Everything lives in .storyproof/ at your repo root.

.storyproof/
├── project.json        # detected stack (auto, first run)
├── latest              # pointer to most recent run
└── runs/
    └── <run_id>/
        ├── verdict.json  # per-AC status
        ├── report.html   # open in browser
        ├── summary.md    # terminal summary
        ├── checks/       # test files (prove)
        └── evidence/     # runtime output (prove)

Open the report:

$ open .storyproof/runs/*/report.html

Verdict statuses

Status	Meaning
verified	Test ran, behavior confirmed
covered	Existing test addresses this (check only)
likely_blocker	Probable bug found
not_covered	No evidence exists
unproven	Couldn't run a test

How StoryProof decides what to test

StoryProof doesn't just check "does a test exist." It asks: does the right kind of test exist for the actual risk?

Every acceptance criterion gets scored on three risk dimensions:

variation_risk — "How many ways can this go wrong?"

Measures edge-case density. A function that takes a string has more ways to fail than one that takes a boolean.

Low: Toggle a feature flag. One input, two states.

High: Parse user-provided dates across timezones, locales, and formats.

When high → StoryProof writes unit tests covering edge cases and boundary values.

boundary_risk — "Does this cross a real seam?"

Measures whether the behavior crosses a system boundary — database, API, service call, file system.
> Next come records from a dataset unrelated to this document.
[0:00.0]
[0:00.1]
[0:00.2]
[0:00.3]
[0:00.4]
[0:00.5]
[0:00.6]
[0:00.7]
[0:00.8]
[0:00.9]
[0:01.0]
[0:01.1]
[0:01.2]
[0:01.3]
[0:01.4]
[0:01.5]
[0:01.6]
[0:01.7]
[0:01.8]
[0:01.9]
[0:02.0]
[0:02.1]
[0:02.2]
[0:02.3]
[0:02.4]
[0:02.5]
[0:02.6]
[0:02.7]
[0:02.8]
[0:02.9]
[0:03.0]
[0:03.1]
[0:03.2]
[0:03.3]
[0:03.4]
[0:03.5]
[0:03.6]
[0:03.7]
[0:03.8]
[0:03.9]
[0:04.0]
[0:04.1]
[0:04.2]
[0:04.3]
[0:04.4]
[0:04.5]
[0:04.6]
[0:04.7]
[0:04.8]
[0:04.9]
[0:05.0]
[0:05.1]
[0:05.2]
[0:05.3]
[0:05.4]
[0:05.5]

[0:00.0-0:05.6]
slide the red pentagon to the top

Mocking these boundaries hides real failures.

Low: Pure function that transforms data in memory.

High: Service writes to two database tables in a transaction, then calls an external API.
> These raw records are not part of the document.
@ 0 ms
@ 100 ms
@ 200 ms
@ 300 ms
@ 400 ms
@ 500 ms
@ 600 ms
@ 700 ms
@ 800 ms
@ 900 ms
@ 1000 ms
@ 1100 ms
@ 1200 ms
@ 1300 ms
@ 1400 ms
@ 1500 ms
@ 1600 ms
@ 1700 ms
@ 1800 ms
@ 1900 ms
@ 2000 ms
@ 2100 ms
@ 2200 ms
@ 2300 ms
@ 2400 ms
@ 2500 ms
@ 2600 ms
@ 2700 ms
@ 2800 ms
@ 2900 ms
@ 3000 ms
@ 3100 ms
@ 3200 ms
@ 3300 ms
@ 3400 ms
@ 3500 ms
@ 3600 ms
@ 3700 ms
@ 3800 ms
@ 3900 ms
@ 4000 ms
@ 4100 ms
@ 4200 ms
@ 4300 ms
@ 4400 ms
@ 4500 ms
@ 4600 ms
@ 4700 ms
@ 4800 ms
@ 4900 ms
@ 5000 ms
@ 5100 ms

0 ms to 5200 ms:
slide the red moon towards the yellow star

When high → StoryProof writes integration tests that hit the real database or real HTTP endpoint. No mocks.

last_mile_risk — "Does the user actually see the right thing?"
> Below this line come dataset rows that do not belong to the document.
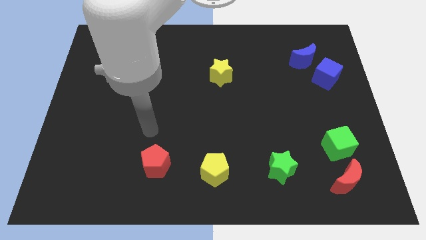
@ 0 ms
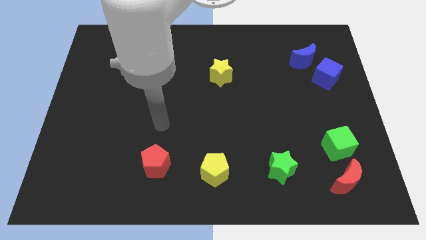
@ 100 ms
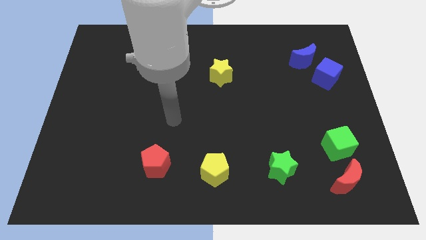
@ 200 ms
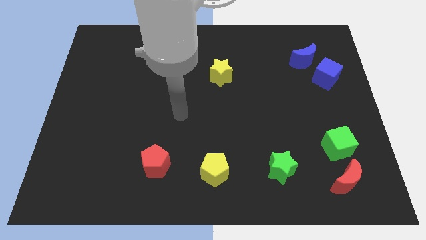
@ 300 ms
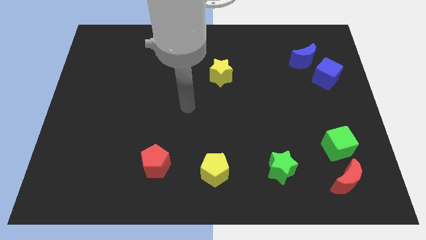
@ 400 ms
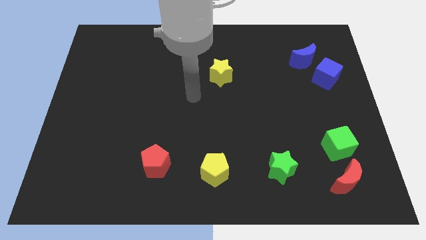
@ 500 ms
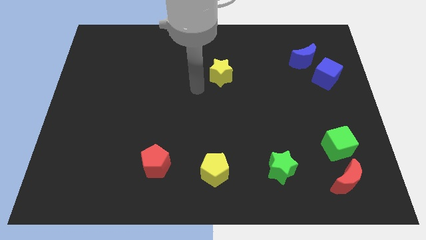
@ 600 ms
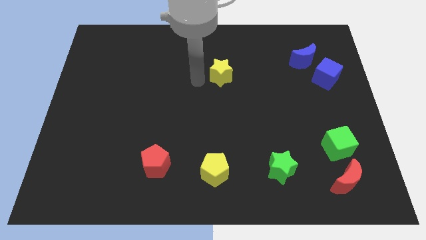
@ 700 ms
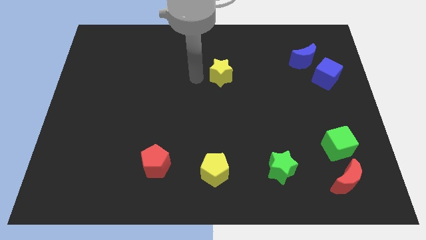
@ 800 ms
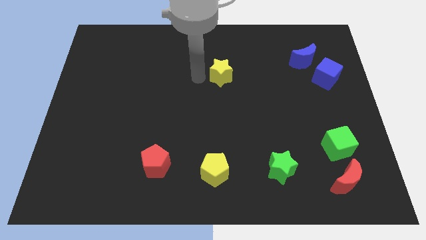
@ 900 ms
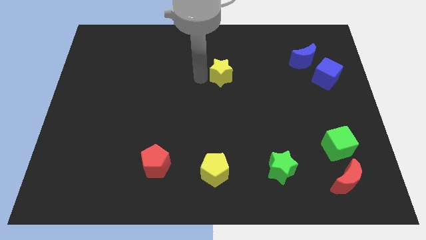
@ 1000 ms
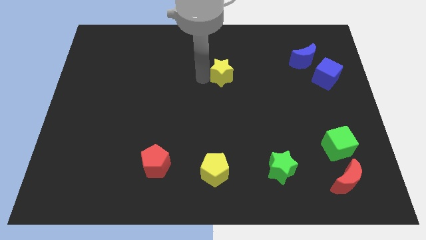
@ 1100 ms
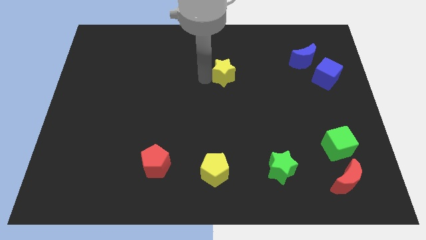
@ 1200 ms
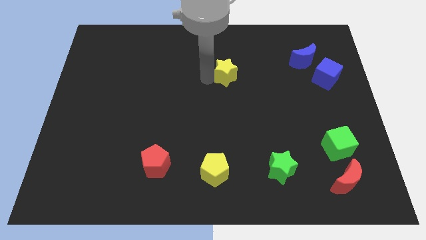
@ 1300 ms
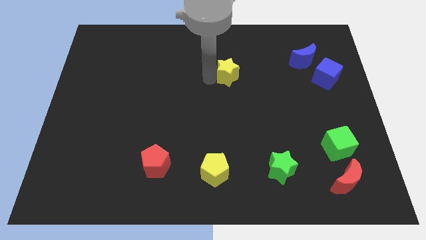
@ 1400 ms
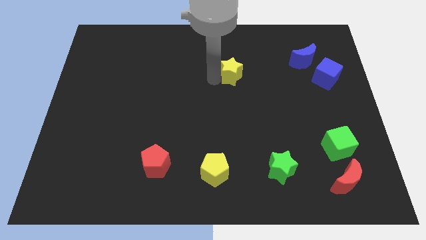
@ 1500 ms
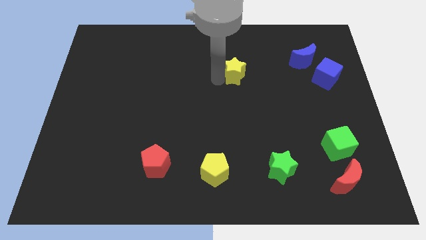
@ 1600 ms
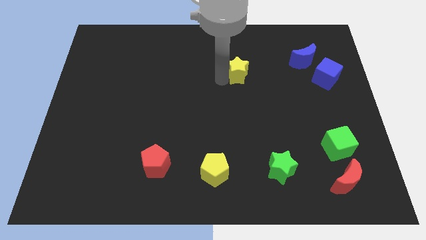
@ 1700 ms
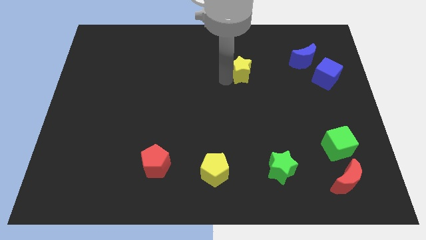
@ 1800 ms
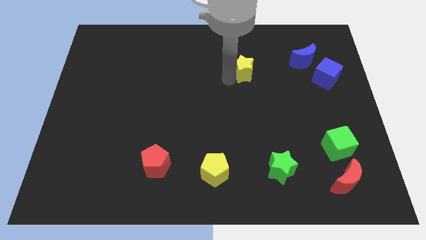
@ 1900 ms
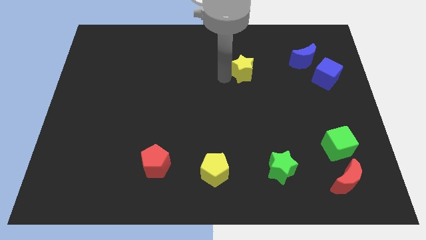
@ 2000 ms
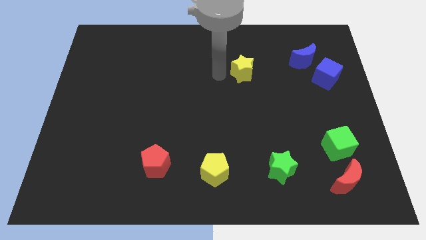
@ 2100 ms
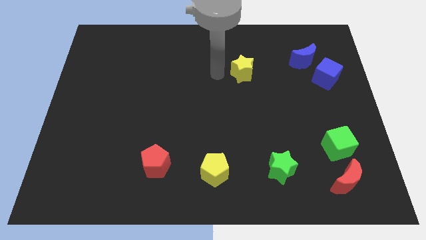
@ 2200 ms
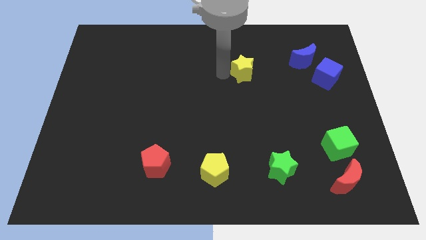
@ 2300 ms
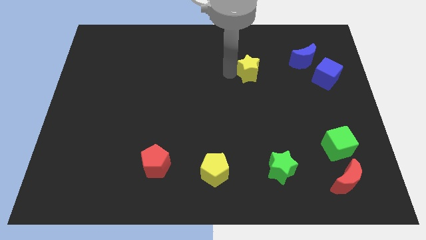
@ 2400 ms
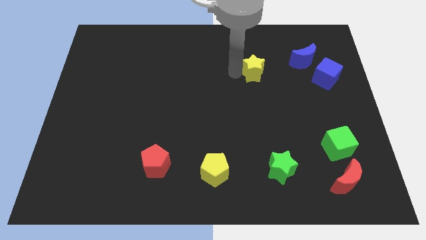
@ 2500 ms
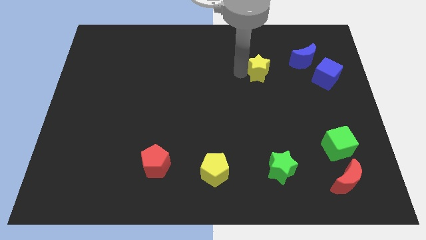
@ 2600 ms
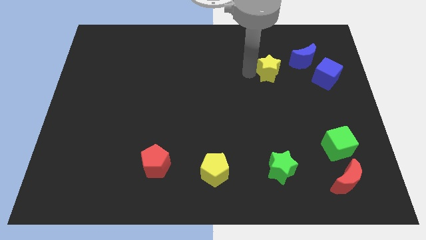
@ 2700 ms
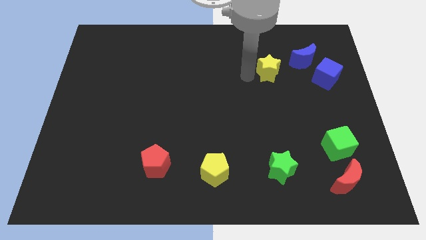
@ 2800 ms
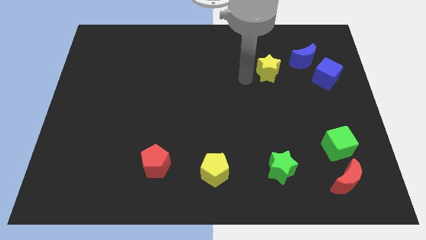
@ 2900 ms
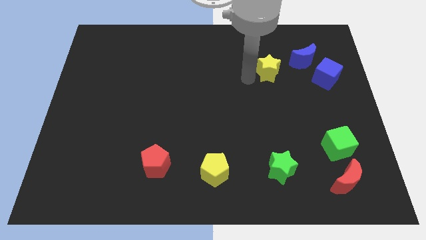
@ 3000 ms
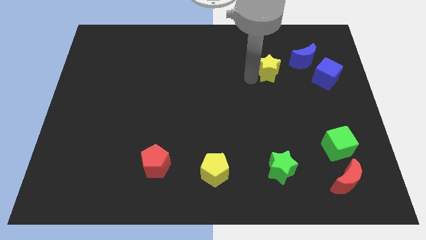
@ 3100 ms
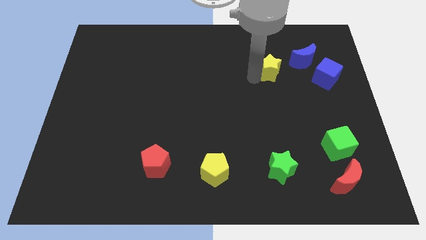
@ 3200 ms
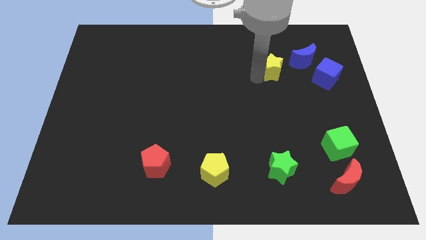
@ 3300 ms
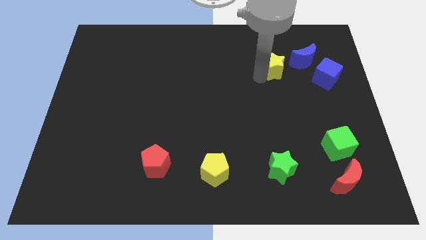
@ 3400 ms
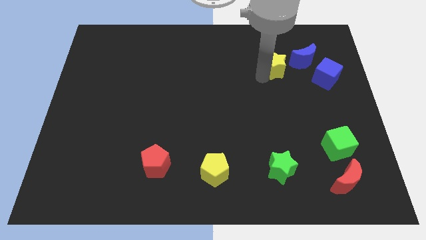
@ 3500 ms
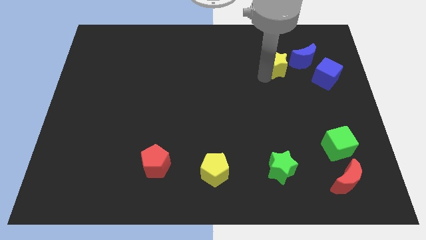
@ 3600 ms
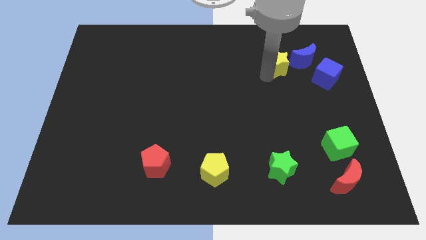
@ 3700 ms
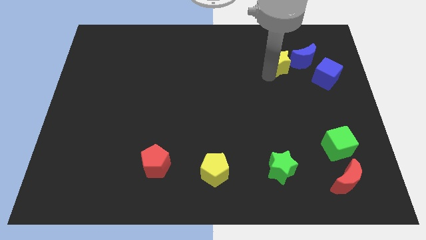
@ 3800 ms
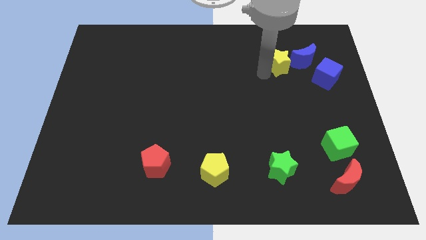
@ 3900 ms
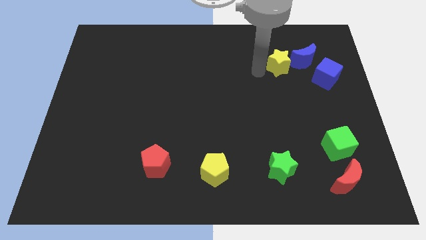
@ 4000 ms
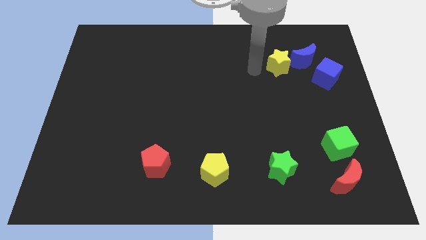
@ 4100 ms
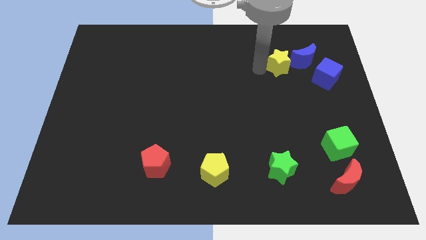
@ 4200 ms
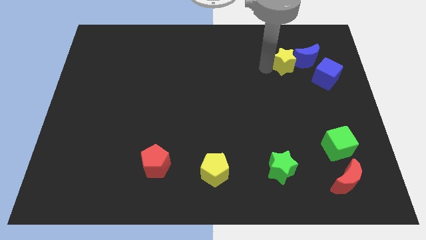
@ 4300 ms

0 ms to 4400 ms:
push the yellow star towards the blue moon

Measures whether the behavior depends on rendering, JavaScript, or browser interaction. Server-side logic can be correct while the UI is broken.

Low: API returns JSON. The response is the product.

High: User clicks "Delete," a confirmation modal appears, they confirm, the page redirects, a success toast shows.

When high → StoryProof bootstraps Playwright and runs browser tests. For server-rendered HTML without JavaScript, integration tests that assert the rendered markup are sufficient.

Why this matters

A common pattern: your repo has 90% test coverage, all green. But the tests are all unit tests that mock the database. The boundary_risk is high, but no test crosses the real boundary. StoryProof catches this — a unit test that mocks the DB doesn't settle boundary risk, regardless of coverage percentage.

CI Integration

Coming soon — GitHub Actions, GitLab CI, and webhook-triggered verification.